Here Are Some Great FAQ’s To Help You & Your Family
When Should My Child See The Orthodontist?
By Donald W. Hunt, Jr., DMD, MSD, Hunt Orthodontics
The American Association of Orthodontists recommends that all children should have a check-up with an orthodontic specialist no later than age 7. At an early age, an orthodontist can determine if a child has any developing jaw or dental problems as well as evaluating a child for airway obstruction. Orthodontic treatment also provides a significant increase in a child’s self confidence and social interaction.
It has been proven through research that the old saying “wait till all the baby teeth come out” is not beneficial for all children. Some children, especially females, will begin their growth spurts prior to losing all of their baby teeth. Treatment may need to begin while a child is in their growth spurt.
Parents can seek an orthodontic specialist’s opinion at anytime without a referral to answer their questions.
Individuals seeking early orthodontic screening will receive significant benefits from timely diagnosis and treatment of particular problems when appropriate. The value of early examination is a parent’s peace of mind knowing their child has been expertly evaluated.
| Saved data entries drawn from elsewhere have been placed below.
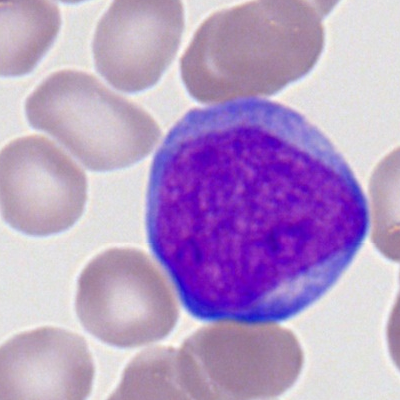
{"cell_type": "myeloblast", "lineage": "myeloid"}
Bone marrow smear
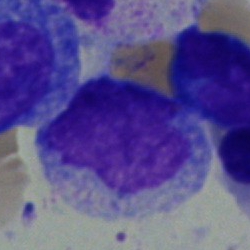 Cell — monocyte.
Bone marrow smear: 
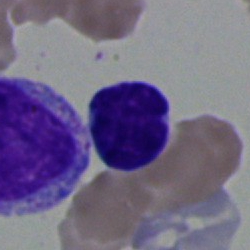Showing a typical lymphocyte.
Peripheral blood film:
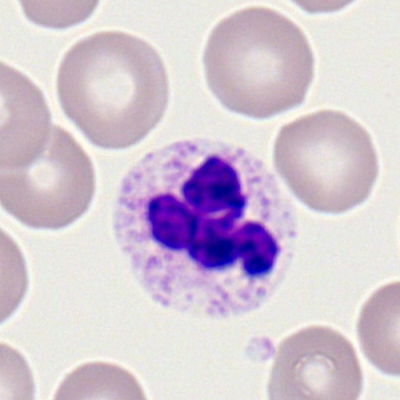 A polymorphonuclear neutrophil.
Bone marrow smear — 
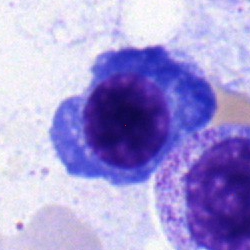 Plasma cell.
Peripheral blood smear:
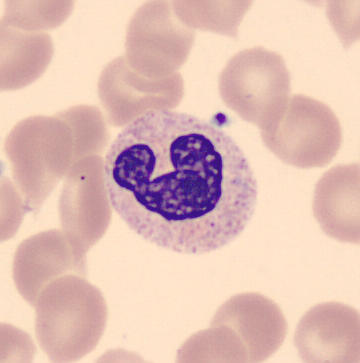

Q: What type of cell is this?
A: It is a segmented neutrophil.
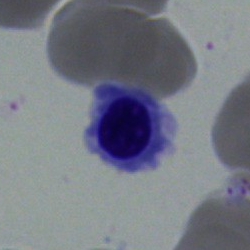

Showing a nucleated red blood cell.
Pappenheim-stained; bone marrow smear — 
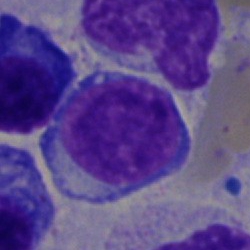

Classification: lymphocyte.
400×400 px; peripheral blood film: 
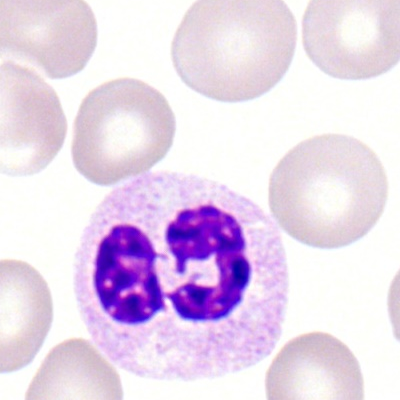

Classification = segmented neutrophil.
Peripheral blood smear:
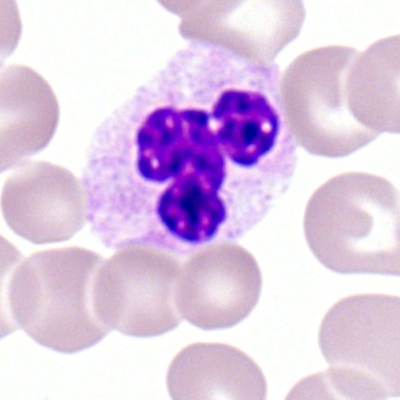

Q: What cell is this?
A: A neutrophil (segmented).
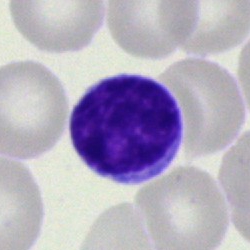Q: Which cell type is shown here?
A: Lymphocyte.
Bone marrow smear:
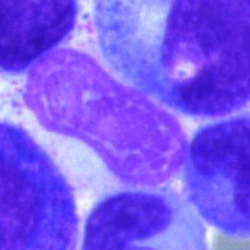 Classification = artefact.
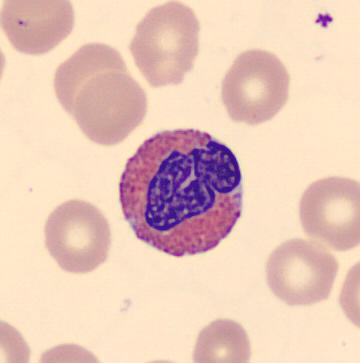

Single cell identified as an eosinophilic granulocyte. Preparation: Peripheral blood smear.
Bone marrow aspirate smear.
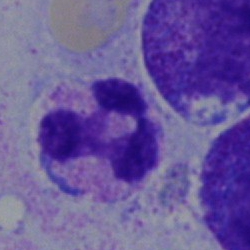
Classification = polymorphonuclear neutrophil.
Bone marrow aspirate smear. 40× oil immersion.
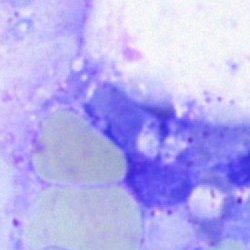
Specimen: bone marrow smear.
Cell: artefact.
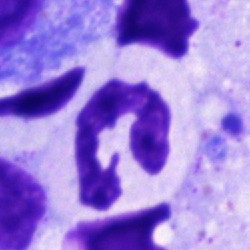 Classification: polymorphonuclear neutrophil.
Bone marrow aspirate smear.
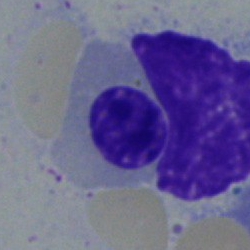
Classification = normoblast.
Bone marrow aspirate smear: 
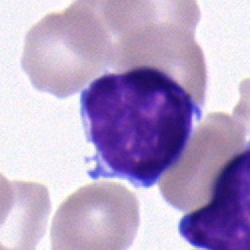Cell type — lymphocyte.
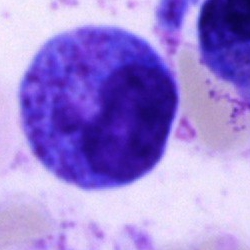Showing a progranulocyte.
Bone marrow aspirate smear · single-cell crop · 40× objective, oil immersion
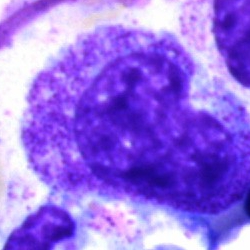 The cell shown is a progranulocyte.
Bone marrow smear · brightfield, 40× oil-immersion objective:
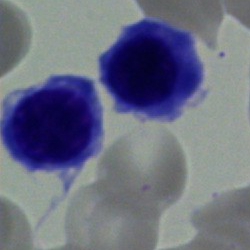Nucleated red cell.
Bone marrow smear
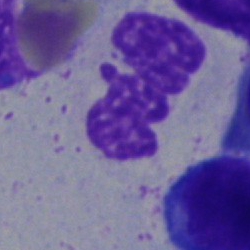 Neutrophil (segmented).
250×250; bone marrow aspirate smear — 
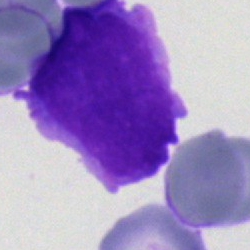
{"cell_type": "blast cell"}
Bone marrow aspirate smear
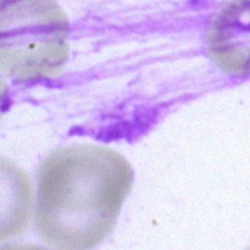

The morphological class is artefact.
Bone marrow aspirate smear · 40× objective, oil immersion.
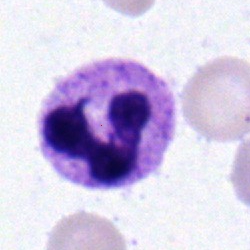

Cell type = neutrophil (segmented).
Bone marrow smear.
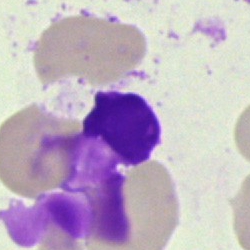
Q: What is shown here?
A: It is an artefact.
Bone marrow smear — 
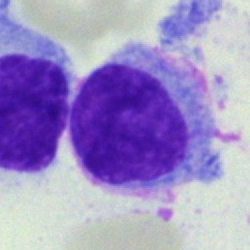

Morphology — hairy cell.
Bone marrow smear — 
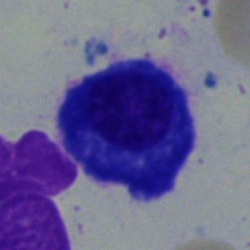 Specimen: bone marrow smear.
Cell: plasmacyte.
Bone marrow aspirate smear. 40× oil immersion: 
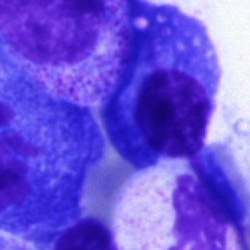

This is a plasma cell.
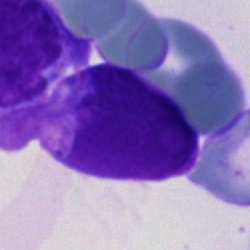
Cell type — blast.
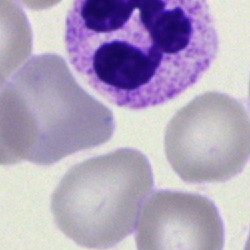

Classification: polymorphonuclear neutrophil.
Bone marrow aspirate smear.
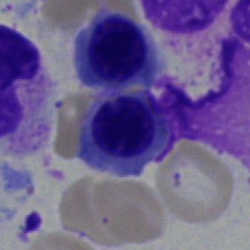 Specimen: bone marrow aspirate smear.
Morphological class: normoblast.
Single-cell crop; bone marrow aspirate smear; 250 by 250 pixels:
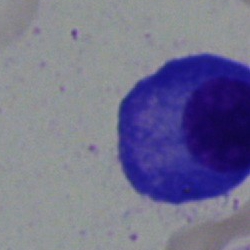

Q: What cell is this?
A: A plasma cell.
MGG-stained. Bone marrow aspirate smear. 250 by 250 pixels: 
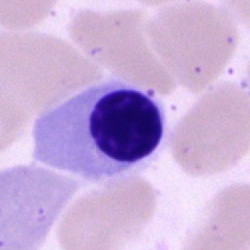

Classification — nucleated red blood cell.
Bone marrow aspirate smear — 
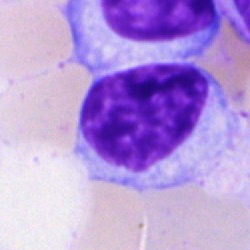 Specimen: bone marrow smear.
Cell type: typical lymphocyte.
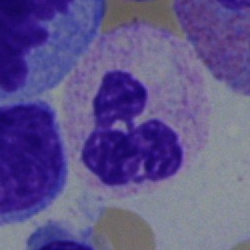

Morphology consistent with a polymorphonuclear neutrophil.
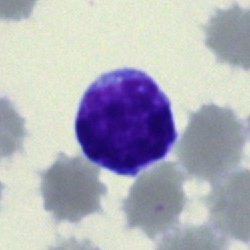
A lymphocyte on a bone marrow smear.
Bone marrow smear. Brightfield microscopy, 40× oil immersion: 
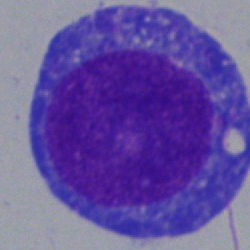 Specimen: bone marrow aspirate smear.
Classification: blast cell.
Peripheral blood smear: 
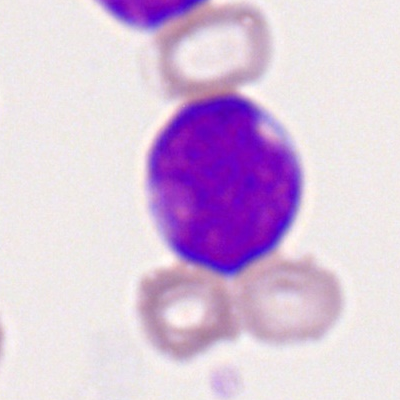
Single cell identified as a myeloblast.
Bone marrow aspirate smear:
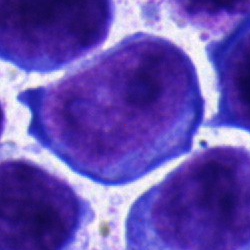
Specimen: bone marrow smear.
Cell type: pronormoblast.
Lineage: erythroid.
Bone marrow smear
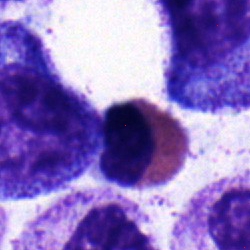

Q: What is shown here?
A: An eosinophilic granulocyte.
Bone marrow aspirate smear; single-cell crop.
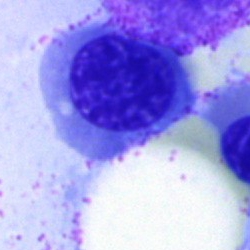
Cell = nucleated red cell.
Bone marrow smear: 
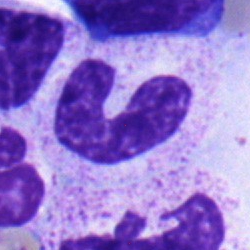Specimen: bone marrow smear.
Cell: neutrophil (band).
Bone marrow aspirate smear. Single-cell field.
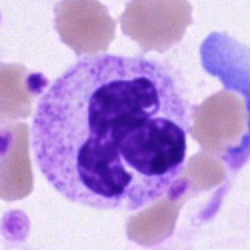 Specimen: bone marrow smear.
Cell type: polymorphonuclear neutrophil.
Lineage: myeloid.
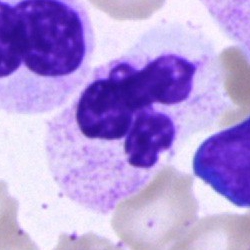 Specimen: bone marrow smear.
Classification: polymorphonuclear neutrophil.
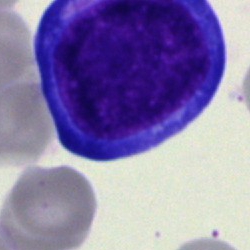

Morphology consistent with a pronormoblast.
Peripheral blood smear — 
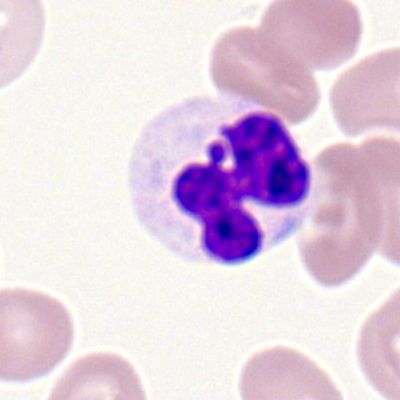

Showing a segmented neutrophil.
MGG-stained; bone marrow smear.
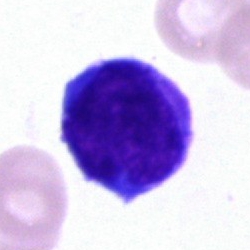
Q: What cell is this?
A: Undifferentiated blast.
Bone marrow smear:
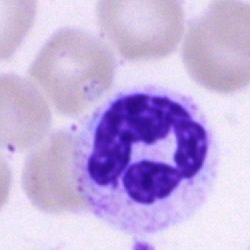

The orthodontist’s goal is to provide individuals with the correct treatment at the proper time. By working together, the dental team can achieve exceptional results for your dental health and provide a lifetime of beautiful Smiles!
What Is An Orthodontist… And What Do They Do?
By Donald W. Hunt, Jr., DMD, MSD
One of the primary goals of an orthodontist is to coordinate and correct a person’s “bite” to maintain proper tooth, periodontal, and TMJ health. Orthodontists also evaluate patients for potential airway issues and refer accordingly to Otolaryngologists (ENT’s) or Allergy physicians for proper care.
Orthodontists work in concert with your general dentist and other dental specialists such as periodontists, pedodontists, and oral surgeons to achieve exceptional results to increase a person’s dental health, self confidence, as well as their smile esthetics.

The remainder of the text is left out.